Доктор Мурай охотно выпивал, проявляя при этом редкую в Клошмерле склонность к аперитивам, – привычку, которую он приобрёл ещё в студенческие годы, длившиеся весьма долго и посвящённые в равной степени пивным, скачкам, покеру, домам терпимости, пикникам и штудиям на медицинском факультете. Тем не менее обитатели Клошмерля очень уважали своего врача, предвидя, что рано или поздно они могут попасть к нему в лапы и он тогда отомстит за обиду каким-нибудь коварным поворотом ланцета при вскрытии нарыва или же зверской жестокостью при удалении зуба. Доктор Мурай, по сути говоря, имел дело главным образом с челюстями обитателей городка. Иными словами, он выдёргивал у клошмерлян зубы, пользуясь при этом ужасающим первобытным инструментом, который никогда не соскакивал, ибо руки доктора Мурая были твёрже железа. Чистку и пломбирование он считал патентованным шарлатанством, анестезию считал излишней. Он полагал, что защиту от боли следует искать в самой боли, а неожиданность в этом деле – лучший помощник. Исходя из этих соображений, он выработал быструю и, как правило, эффективную технику. По раздутой флюсом щеке он неожиданно наносил страшный удар кулаком, отчего пациент едва не терял сознание. В рот, раскрытый для жалобного вопля, он тотчас же загонял свои клещи по самую рукоятку и резкими рывками начинал тащить злополучный зуб, пренебрегая нагноением, воспалением надкостницы и стонами. Объект подобного лечения поднимался со стула настолько ошеломлённым, что немедленно платил деньги. А такая поспешность весьма необычна в Клошмерле.

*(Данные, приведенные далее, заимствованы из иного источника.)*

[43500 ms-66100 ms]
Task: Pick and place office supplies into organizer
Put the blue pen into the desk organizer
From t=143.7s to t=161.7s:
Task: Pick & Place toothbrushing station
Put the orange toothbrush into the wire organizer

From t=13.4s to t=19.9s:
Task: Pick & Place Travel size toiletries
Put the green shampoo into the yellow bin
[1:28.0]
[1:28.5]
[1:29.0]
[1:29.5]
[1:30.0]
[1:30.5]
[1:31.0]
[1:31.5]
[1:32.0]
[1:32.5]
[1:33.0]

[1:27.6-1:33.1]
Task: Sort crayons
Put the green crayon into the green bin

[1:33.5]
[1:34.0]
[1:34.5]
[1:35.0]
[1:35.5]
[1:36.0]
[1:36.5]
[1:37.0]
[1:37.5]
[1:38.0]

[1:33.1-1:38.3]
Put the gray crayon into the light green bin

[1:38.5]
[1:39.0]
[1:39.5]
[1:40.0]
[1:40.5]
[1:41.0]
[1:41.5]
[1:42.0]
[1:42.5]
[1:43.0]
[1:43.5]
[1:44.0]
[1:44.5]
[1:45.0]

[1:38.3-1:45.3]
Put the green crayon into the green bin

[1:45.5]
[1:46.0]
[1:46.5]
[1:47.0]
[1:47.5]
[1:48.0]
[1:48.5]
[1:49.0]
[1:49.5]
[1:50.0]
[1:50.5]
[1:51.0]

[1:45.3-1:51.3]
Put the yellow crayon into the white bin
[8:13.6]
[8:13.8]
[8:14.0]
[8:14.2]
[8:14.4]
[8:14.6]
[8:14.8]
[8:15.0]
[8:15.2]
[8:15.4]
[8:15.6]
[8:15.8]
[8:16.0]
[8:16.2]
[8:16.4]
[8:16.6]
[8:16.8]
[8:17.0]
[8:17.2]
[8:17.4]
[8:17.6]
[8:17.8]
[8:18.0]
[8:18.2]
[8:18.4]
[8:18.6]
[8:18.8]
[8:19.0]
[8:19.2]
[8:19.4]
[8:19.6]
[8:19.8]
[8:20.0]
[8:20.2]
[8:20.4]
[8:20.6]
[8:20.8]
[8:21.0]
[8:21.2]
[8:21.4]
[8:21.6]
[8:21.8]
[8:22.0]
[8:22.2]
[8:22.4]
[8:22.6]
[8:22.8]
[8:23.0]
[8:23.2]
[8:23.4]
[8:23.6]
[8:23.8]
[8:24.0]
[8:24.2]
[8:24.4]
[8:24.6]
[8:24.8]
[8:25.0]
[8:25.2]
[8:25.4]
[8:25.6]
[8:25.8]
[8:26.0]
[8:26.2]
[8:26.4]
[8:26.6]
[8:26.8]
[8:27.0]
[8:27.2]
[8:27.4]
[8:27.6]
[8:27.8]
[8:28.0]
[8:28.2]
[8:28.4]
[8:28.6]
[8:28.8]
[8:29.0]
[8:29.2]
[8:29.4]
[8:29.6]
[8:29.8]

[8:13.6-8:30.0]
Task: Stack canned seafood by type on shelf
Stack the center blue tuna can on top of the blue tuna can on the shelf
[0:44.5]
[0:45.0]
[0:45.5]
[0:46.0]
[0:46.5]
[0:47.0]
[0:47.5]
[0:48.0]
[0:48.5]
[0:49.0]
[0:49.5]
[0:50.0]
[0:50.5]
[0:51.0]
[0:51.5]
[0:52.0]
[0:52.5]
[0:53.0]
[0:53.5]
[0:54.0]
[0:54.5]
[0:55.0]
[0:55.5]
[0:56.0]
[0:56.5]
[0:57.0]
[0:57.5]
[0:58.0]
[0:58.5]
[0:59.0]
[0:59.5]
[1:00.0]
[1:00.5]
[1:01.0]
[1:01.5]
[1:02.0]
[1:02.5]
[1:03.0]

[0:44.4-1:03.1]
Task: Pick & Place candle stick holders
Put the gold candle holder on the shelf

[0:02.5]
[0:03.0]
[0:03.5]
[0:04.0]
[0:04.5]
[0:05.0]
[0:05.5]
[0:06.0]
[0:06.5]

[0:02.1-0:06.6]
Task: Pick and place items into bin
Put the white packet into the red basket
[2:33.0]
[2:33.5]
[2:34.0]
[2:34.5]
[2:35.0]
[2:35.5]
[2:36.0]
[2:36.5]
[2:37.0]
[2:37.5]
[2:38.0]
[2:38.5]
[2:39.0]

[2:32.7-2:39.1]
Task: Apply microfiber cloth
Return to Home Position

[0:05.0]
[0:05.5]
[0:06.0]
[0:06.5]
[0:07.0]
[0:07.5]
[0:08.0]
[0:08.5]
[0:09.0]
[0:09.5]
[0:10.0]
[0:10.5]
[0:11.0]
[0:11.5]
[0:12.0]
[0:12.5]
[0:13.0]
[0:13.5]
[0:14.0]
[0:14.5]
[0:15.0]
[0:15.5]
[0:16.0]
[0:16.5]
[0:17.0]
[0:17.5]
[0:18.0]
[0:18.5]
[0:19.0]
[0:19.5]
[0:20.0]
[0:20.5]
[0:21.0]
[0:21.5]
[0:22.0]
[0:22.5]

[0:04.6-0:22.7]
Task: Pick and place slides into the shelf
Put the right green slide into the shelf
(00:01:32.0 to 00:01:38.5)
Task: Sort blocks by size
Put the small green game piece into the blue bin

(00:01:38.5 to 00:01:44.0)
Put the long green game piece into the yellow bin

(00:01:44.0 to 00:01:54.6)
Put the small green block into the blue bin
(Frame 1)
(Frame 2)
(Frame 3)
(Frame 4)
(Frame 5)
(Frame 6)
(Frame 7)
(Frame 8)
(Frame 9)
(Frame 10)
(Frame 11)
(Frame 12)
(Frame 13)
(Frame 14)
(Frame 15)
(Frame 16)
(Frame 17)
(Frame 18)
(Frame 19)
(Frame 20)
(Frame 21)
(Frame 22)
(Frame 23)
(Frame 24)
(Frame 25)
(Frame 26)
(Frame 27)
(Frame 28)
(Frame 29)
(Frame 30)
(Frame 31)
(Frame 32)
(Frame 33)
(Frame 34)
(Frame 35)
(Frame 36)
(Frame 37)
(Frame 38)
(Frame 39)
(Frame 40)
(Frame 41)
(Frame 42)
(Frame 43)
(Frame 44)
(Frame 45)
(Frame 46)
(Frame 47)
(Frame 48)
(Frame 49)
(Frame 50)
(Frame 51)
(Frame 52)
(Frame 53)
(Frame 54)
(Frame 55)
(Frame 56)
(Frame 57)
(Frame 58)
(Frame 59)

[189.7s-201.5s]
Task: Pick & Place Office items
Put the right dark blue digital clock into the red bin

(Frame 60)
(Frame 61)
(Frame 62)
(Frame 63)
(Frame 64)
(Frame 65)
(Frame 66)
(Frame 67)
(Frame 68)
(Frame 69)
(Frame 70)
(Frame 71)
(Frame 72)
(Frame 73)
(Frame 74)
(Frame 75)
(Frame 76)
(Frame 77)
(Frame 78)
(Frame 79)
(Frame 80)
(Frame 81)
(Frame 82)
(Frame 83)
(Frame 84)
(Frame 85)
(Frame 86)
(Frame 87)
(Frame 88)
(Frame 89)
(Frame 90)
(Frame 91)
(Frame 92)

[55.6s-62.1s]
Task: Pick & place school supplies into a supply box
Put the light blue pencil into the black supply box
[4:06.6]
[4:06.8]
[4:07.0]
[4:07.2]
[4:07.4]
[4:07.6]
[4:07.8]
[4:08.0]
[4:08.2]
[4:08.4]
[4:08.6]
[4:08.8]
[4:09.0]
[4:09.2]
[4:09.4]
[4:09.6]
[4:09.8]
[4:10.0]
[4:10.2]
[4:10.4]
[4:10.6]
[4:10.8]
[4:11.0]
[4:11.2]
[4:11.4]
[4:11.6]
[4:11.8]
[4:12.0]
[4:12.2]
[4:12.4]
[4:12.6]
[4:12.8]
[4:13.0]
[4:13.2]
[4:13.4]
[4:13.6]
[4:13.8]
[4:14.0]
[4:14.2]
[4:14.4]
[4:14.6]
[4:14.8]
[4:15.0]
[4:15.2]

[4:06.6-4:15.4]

Зверские методы врачевания буквально принуждали к почтительности. Ни один горожанин не посмел бы выступить против Мурая. Но доктор сам выбирал себе врагов. Одним из них сделался, вопреки своей воле, кюре Поносс, который однажды вмешался не в своё дело – вылечил живот тётушки Сидони Сови. Эта история стоит того, чтобы её рассказали. Лучше всего это выходит у Бабетты Манапу, обладающей самым бойким языком во всём Клошмерле. К тому же Бабетта специализировалась на рассказах такого сорта. Вот что она говорит:

– Как-то раз у Сидони Сови живот раздуло. Сами понимаете, что в её годы не от греха это получилось. Злые языки, правда, болтали, будто в молодости у неё под юбкой чёрт побывал. Да разве ж теперь это проверишь. Уж очень много с того времени воды утекло. А кто запомнит, что делала в девках баба, которой уже шестьдесят отстукало.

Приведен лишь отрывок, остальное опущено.